Mnemnory and Vission
This is Not My Photograph, This is Not My Vase, This is Not My Mantle, This is My Photograph of ThemAlthough Anne Gorrick and I sat at her kitchen table this morning and spoke of the fact that our poetry is never specifically about anything
Anne Gorrick: I don't think I could write something that was so much about something.
Geof Huth: That was one of its drawbacks, you know.
Anne Gorrick: I know.
Peter Genovese: You mean, writing something about something?
and although we all laughed when her husband pointed out the absurdity of our statements (in the real world, that is), poets are still usually burdened with themes that suffuse their work, often from beginning to end. Creation is the act of making something new, but it is always working from materials that are eons in age, no matter the kind of creation you imagine.
And my poetry is directed by two concerns: memory and how it fails us, and human perception and communication, which serve as the means of collecting and transmitting memory, and how these fail us as well. It is likely that I am an archivist and a writer because I know that we cannot depend on memory. I know that thoughts must be written down to be preserved, and reviewed again and again to remember them as they truly are (and were). I am always amused that records can be used in court cases only as an exception to the hearsay rule, personal testimony of witnesses being assumed to be the best form of evidence. When it is the worst.
My interest in memory derives from the fact that my memory is not as good as it should be. I believe that I've trained myself not to remember too well. I forget people's names because I lived the first part of my life moving every eighteen months or so (even living once on three continents in the course of a single year), so the remembering of names was a waste of brain power. I put most people's names in what Apple used to call its computer's volatile memory. Similarly, I have wiped bad experiences out of my memory, or dulled them sufficiently so that I might not feel them anymore. One time even, years ago, I suddenly recalled a series of events from my childhood, and I was surprised by this memory and certain of its reality because it was stitched into the fabric of everything else in my life in Little Barn or Barbados. I had intentionally, even if subconsciously, erased it.
Memory is a slippery beast built out of experience but mixed with other memories, with assumptions, with unintentional "corrections," with voids. As time extends towards our individual deaths, we hold less and less firmly onto these memories, whether our minds hold their own sharpness or not, and the memories because airier, filled more and more with nothing.
And that is why Mnemosyne is my muse, though she is actually the mother of the Muses. And Mnemosyne gives poets that power to speak, maybe because we need to remember at least a few facts to have the means of speaking and the means of making. Because of Mnemosyne (whose name we recall mnemonically), I see memory (the word) as mnemnory, remembered but not, pronounced but silent.

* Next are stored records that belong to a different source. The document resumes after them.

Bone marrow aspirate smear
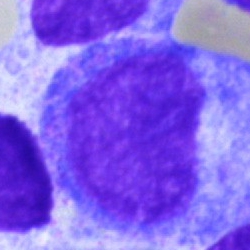 Specimen: bone marrow aspirate smear.
Cell: progranulocyte.
Lineage: myeloid.
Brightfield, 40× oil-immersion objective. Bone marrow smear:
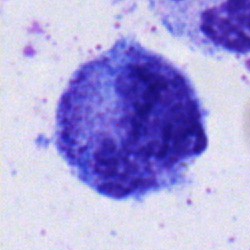

The cell is progranulocyte.
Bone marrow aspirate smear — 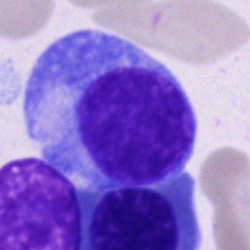A plasma cell.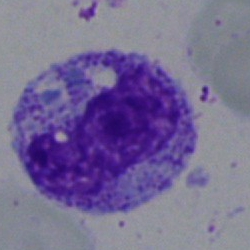

This is a neutrophil (band).
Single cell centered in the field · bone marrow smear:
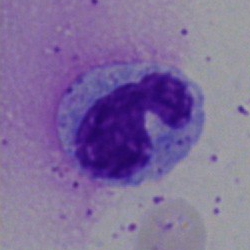
Q: What cell is this?
A: Segmented neutrophil.
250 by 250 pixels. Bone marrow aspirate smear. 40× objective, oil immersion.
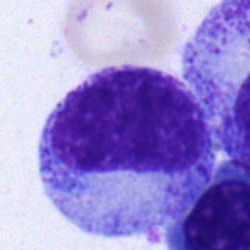The cell shown is a myelocyte.
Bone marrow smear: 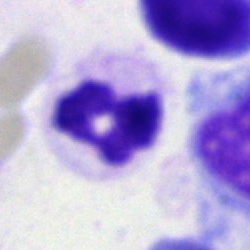

Q: Identify the cell.
A: Segmented neutrophil.
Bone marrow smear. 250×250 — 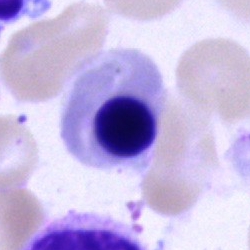
Cell type — nucleated red cell.
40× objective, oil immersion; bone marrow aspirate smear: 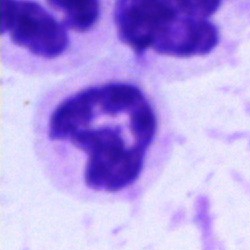 Cell = neutrophil (segmented).
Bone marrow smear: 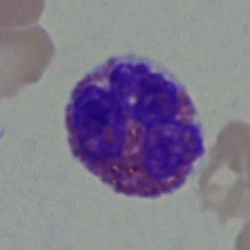 Eosinophil.
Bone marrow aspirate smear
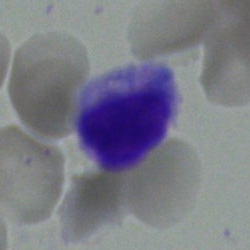

Q: Which cell type is shown here?
A: It is a lymphocyte.
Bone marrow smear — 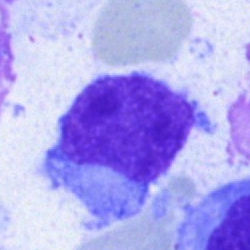This is a hairy cell.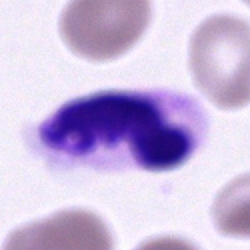Bone marrow aspirate smear, single cell — neutrophil (segmented).

I have spent many weeks now in the active practice of remembering, which is more a creative act than we imagine it to be, and so memory is on, and always in, my mind. But I've also been immersed, just a bit more deeply than usual, in thoughts about signs, the signs (visual and verbal, gestural and facial, sonic and tonic) we exchange with one another, and with thoughts on how we perceive them.
The usual but expanded reason for this interest in signs is that I have been wrawing poems, with pen, into sheets of copper. The creations I make are larger than but bear a familial resemblance to my fidgetglyphs, small visual poetic doodles. But the copper sometimes stops my hand and is a little less forgiving and more directive than paper. This means that my hand is slowed, so my mind is forced to slow as well to keep from overtaking the hand. In turn, that slowing of the mind and the body has forced me to question that entire enterprise of making. I always have. I like to work by hand and to make letters in different forms, to examine the extent of distortion that can be wrought upon a letter and still allow for its legibility, but I continue to question, and question now more deeply, to what degree the visual form of text, even if decorated with images in a similar style, can increase the meaningfulness, the message, of a poem. I know it does. I just don't know if I'm wasting my time doing it.
I've also noticed that people sometimes misinterpret my signs, the poems I write. This is all fine with me because it feeds into the polysemy of the word, and of the poem itself, because it feeds into the idea that ambiguity is a goal of poetry, that pure unalloyed fact and statement are not the province of poetry. Still, some people also don't attempt to read some of my visual poems that are intended to be read, and this is a kind of misreading of the visual poem as a purely visual device, just as someone might read unkindness into the near-constant irony of my speech (and sometimes of my writing).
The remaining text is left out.